One-half of the cost of colonizing the 30,000 emigrants (if that were possible) would, within a very short space of time, prepare as many men from this people who are exactly suited to the kind of work required. And I may add that if Christian philanthropists loiter much longer in manipulating this chiliahedronic idea into shape, the Mandingoes, who, [Page 375] as Mohammedans, are indefatigable missionaries, will probably very soon disseminate the dogmas of their religion among this desirable people, and thus place their evangelization at least another half century farther in the future. This is evident when it is considered that the Mandingo teaches his religion at the same time he pushes forward his commerce; with him the two go hand in hand. The Mandingoes and Veis are in intimate communication, and this intimacy grows daily pari passu with their commerce.
Momorah, a Mandingo chief, from the interior, with a caravan of trade, usually to Sierra Leone, is often visiting this legation. He is a man noble in his deportment, six feet in height, as all his tribe are, athletic and well proportioned, with straight features, having none of the characteristics usually ascribed to the African; intellectual, speaking English, French, German, and Portuguese, from contact with the people of those colonies, where he has been accustomed to trade. He also reads Arabic from the religious training peculiar to his people, and Vei, acquired during his intimacy with that tribe. What I have ascribed to Prince Mamorah is true of many of his tribe. It is impossible to look upon this perfect type of manly physique and intellectual strength without being impressed by the superiority of the material of which his tribe is composed. They are the men of conquest in Africa, the commercial races dwelling far in the interior, making pilgrimages to Mecca across the continent, and whose treaty of friendship and whose passport over the domains of hostile tribes who dwell between their home and the sea-board are the Koran and the sword.
Speaking to this man of commerce, of the Koran, and of the sword, upon the subject upon which I am writing, his evident disposition to commiserate rather than admire the American negro as he sees him here, convinces me that it will be long before the abnormal can mold the normal man. His language forces upon me the recollection that human slavery is as old as human conquest; that it was the custom of the victor to enthrall the vanquished, and that many are slow to value the fact that human slavery was not the crucible to refine and enable human nature and oefit it for grand undertakings.

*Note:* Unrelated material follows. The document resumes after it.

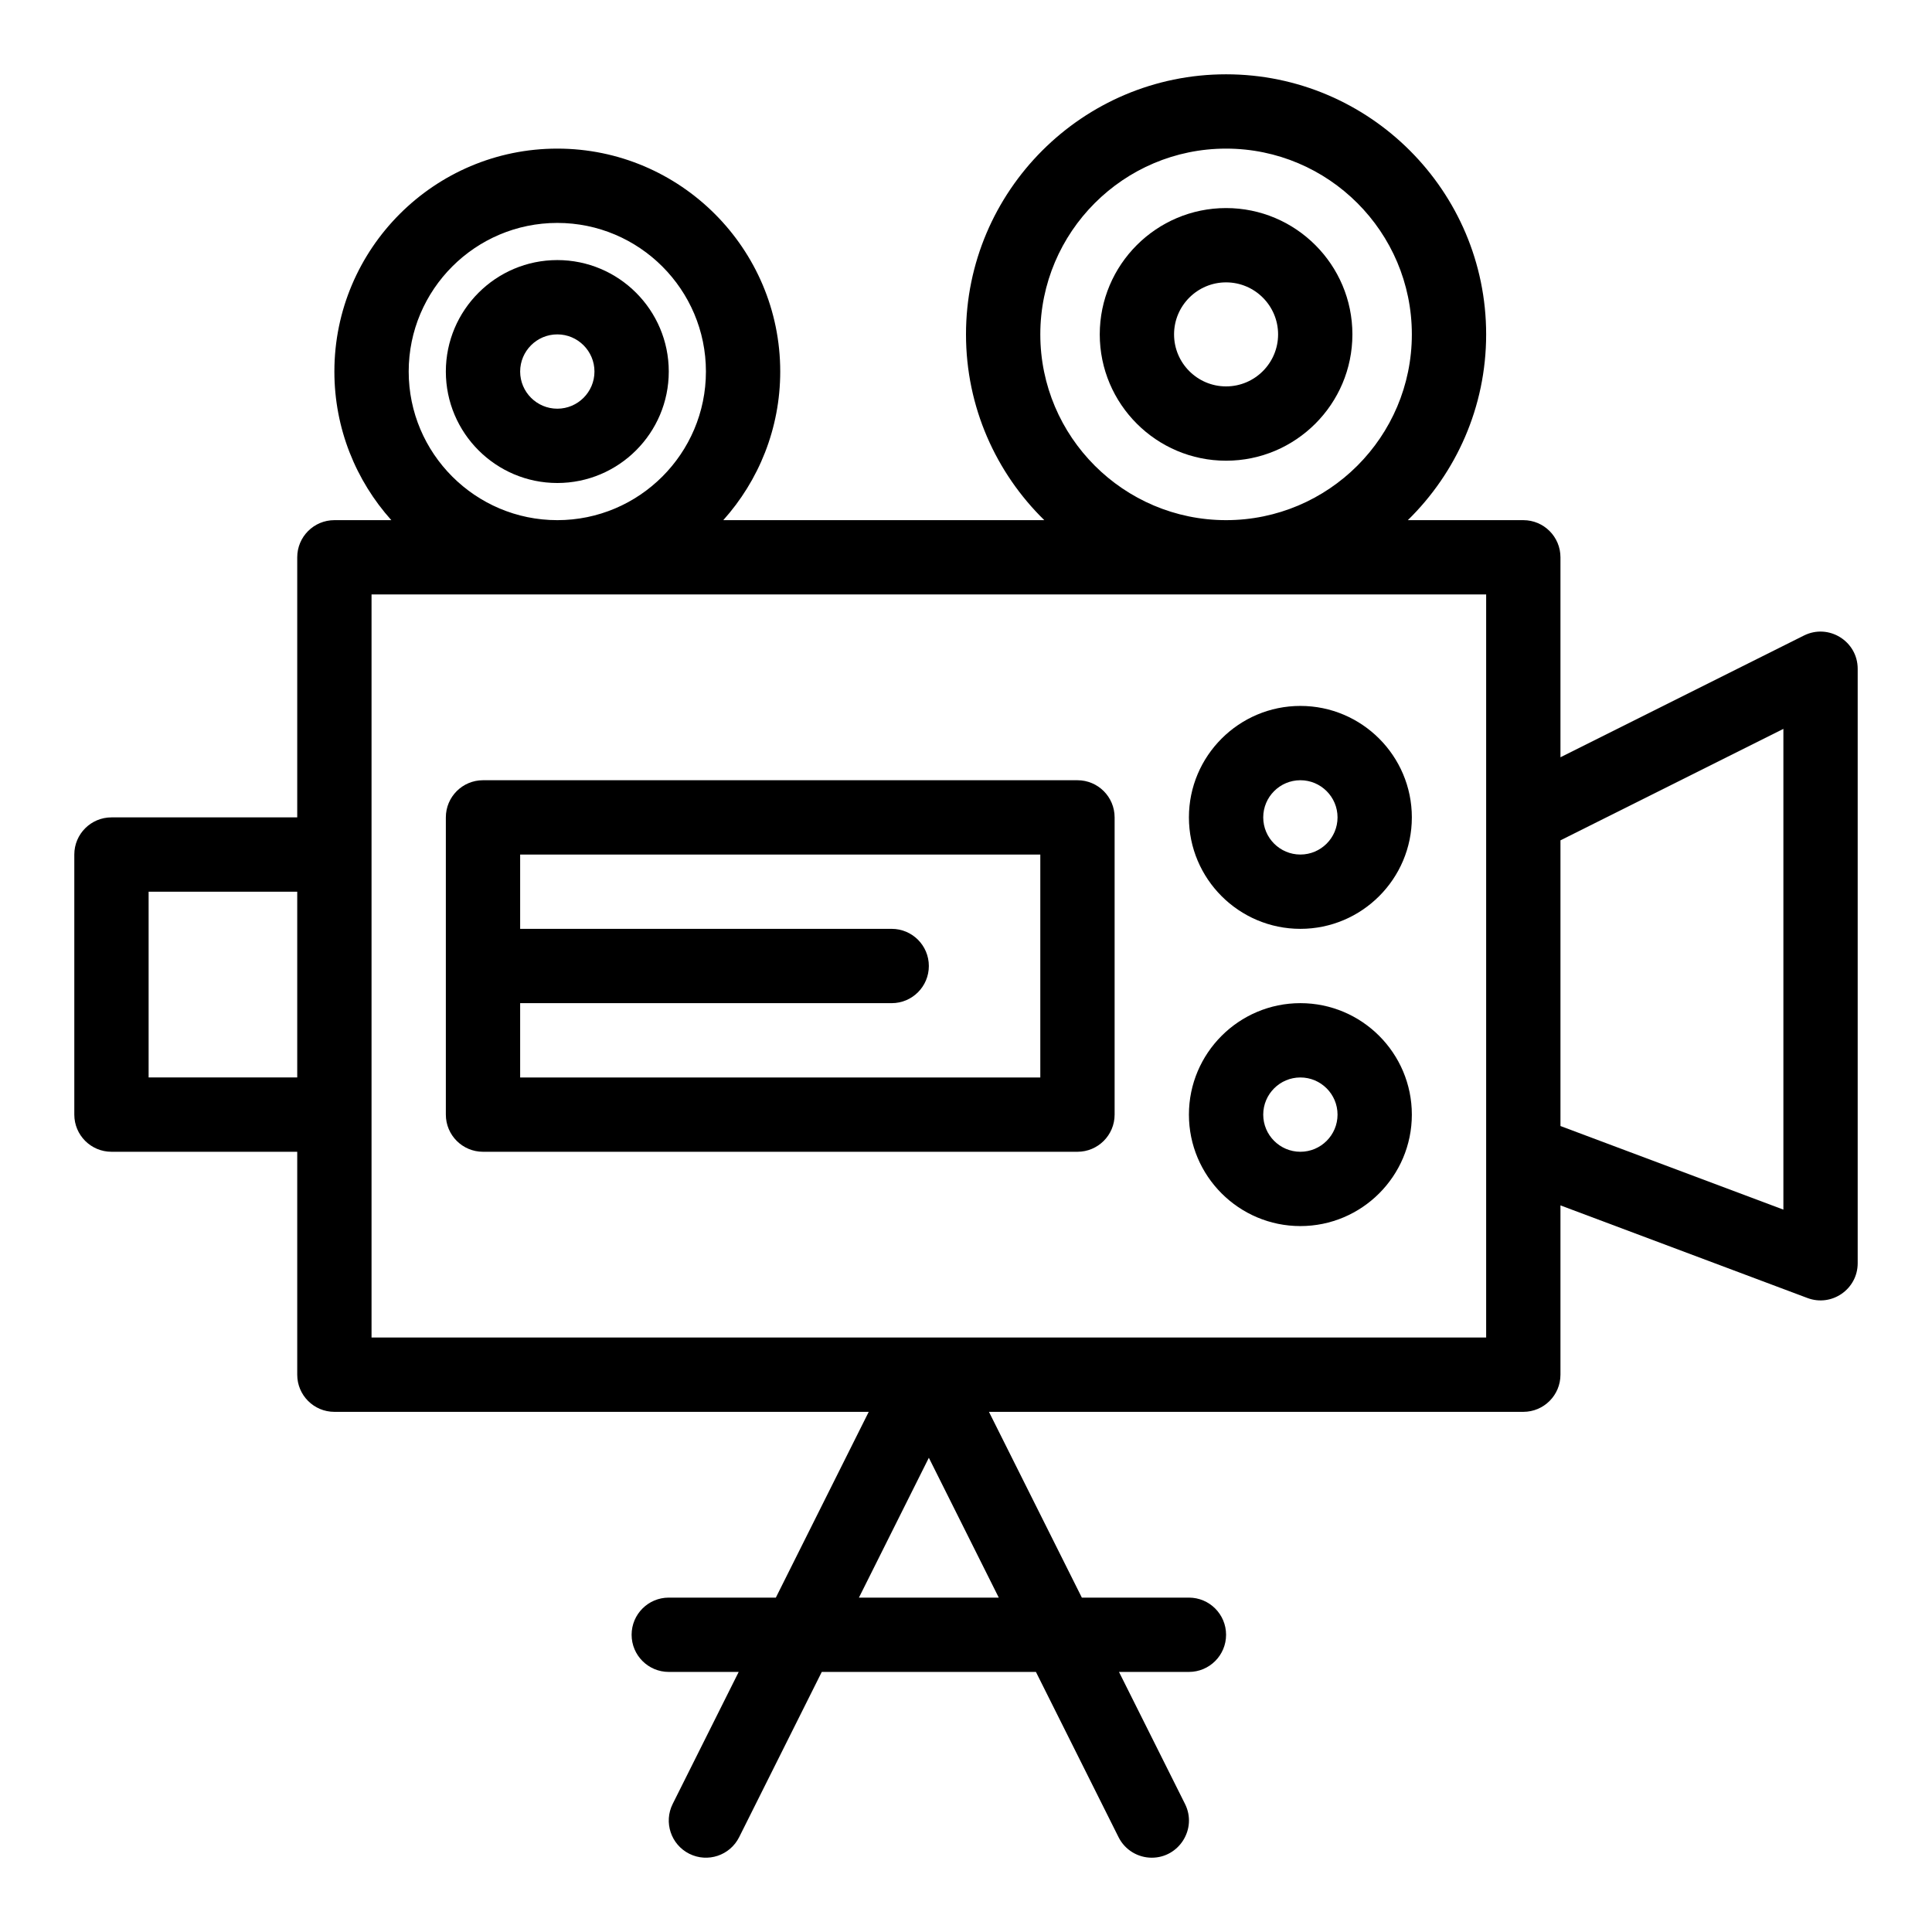 <svg enable-background="new 0 0 520 520" height="512" viewBox="0 0 520 520" width="512" xmlns="http://www.w3.org/2000/svg"><g id="_x32_89_x2C__Video_x2C__Camera_x2C__Film_x2C__Industry"><g><path d="m485.528 171.056-65.528 32.764v-53.82c0-5.523-4.478-10-10-10h-31.077c12.993-12.716 21.077-30.428 21.077-50 0-38.598-31.402-70-70-70s-70 31.402-70 70c0 19.572 8.084 37.284 21.077 50h-86.403c9.522-10.624 15.326-24.645 15.326-40 0-33.084-26.916-60-60-60s-60 26.916-60 60c0 15.355 5.805 29.376 15.327 40h-15.327c-5.523 0-10 4.477-10 10v70h-50c-5.523 0-10 4.477-10 10v70c0 5.522 4.477 10 10 10h50v60c0 5.522 4.477 10 10 10h143.82l-25 50h-28.82c-5.523 0-10 4.478-10 10s4.477 10 10 10h18.82l-17.764 35.528c-2.47 4.939-.468 10.946 4.472 13.416 4.938 2.468 10.946.468 13.417-4.473l22.236-44.471h57.64l22.235 44.472c1.752 3.505 5.283 5.531 8.952 5.53 7.349 0 12.282-7.782 8.937-14.474l-17.765-35.528h18.82c5.522 0 10-4.478 10-10s-4.478-10-10-10h-28.82l-25-50h143.82c5.522 0 10-4.478 10-10v-45.57l66.489 24.934c6.532 2.449 13.511-2.388 13.511-9.364v-160c0-7.418-7.825-12.268-14.472-8.944zm-254.347 258.944 18.819-37.64 18.82 37.64zm48.819-340c0-27.57 22.43-50 50-50s50 22.43 50 50-22.43 50-50 50-50-22.43-50-50zm-170 10c0-22.056 17.944-40 40-40s40 17.944 40 40-17.944 40-40 40-40-17.944-40-40zm-70 190v-50h40v50zm360 70h-300v-200h300zm80-34.43-60-22.5v-76.89l60-30z"/><path d="m150 70c-16.542 0-30 13.458-30 30s13.458 30 30 30 30-13.458 30-30-13.458-30-30-30zm0 40c-5.514 0-10-4.486-10-10s4.486-10 10-10 10 4.486 10 10-4.485 10-10 10z"/><path d="m330 56c-18.748 0-34 15.252-34 34s15.252 34 34 34 34-15.252 34-34-15.252-34-34-34zm0 48c-7.72 0-14-6.28-14-14s6.28-14 14-14 14 6.28 14 14-6.28 14-14 14z"/><path d="m290 210h-160c-5.523 0-10 4.477-10 10v80c0 5.522 4.477 10 10 10h160c5.522 0 10-4.478 10-10v-80c0-5.523-4.478-10-10-10zm-10 80h-140v-20h100c5.523 0 10-4.478 10-10 0-5.523-4.477-10-10-10h-100v-20h140z"/><path d="m320 220c0 16.542 13.458 30 30 30s30-13.458 30-30-13.458-30-30-30-30 13.458-30 30zm30-10c5.514 0 10 4.486 10 10s-4.486 10-10 10-10-4.486-10-10 4.486-10 10-10z"/><path d="m350 270c-16.542 0-30 13.458-30 30s13.458 30 30 30 30-13.458 30-30-13.458-30-30-30zm0 40c-5.514 0-10-4.486-10-10s4.486-10 10-10 10 4.486 10 10-4.486 10-10 10z"/></g></g></svg>

While my object is not to encourage the persuasion of citizens of the United States to exchange their homes and country for Liberia, neither is it desired to dissuade any from coming to Liberia who may wish to do so. It is merely desired to present the facts and difficulties attendant upon such a course, with a view that none, if possible, may emigrate without full knowledge of the probable result. And I may add, that a fact generally recognized by many thoughtful and prominent Liberians, and one in which I thoroughly acquiesce, is that men of any consequence to the wants of Liberia are able to pay their own expense of travel, and if desirous to come, would be willing and would prefer to do so.
Whether Liberia succeeds or fails, she cannot be accepted as a fair test of the negro’s capacity or incapacity for self-government.

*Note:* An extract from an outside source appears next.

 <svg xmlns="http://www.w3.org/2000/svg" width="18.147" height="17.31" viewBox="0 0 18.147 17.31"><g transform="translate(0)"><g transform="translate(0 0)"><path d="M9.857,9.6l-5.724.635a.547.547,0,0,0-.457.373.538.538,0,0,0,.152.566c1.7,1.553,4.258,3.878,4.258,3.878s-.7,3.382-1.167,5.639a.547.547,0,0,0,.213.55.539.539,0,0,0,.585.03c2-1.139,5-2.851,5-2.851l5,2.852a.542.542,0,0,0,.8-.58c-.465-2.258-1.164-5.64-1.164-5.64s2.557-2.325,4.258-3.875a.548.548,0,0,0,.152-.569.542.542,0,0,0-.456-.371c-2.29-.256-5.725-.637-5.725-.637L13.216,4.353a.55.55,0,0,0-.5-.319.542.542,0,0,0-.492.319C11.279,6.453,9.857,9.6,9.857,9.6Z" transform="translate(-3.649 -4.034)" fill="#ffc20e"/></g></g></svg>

This dispatch has exceeded the length intended. There are many things of interest which might be mentioned on a subject so important, but I must not occupy the time of the Department unnecessarily; hence, I have avoided any allusion to the condition of the Government of Liberia—as to the security or insecurity of life and property; whether or not crime can be committed with impunity; whether the financial system employed is potent or impotent, &c.
Upon such topics the government is doubtless already informed through my previous correspondence.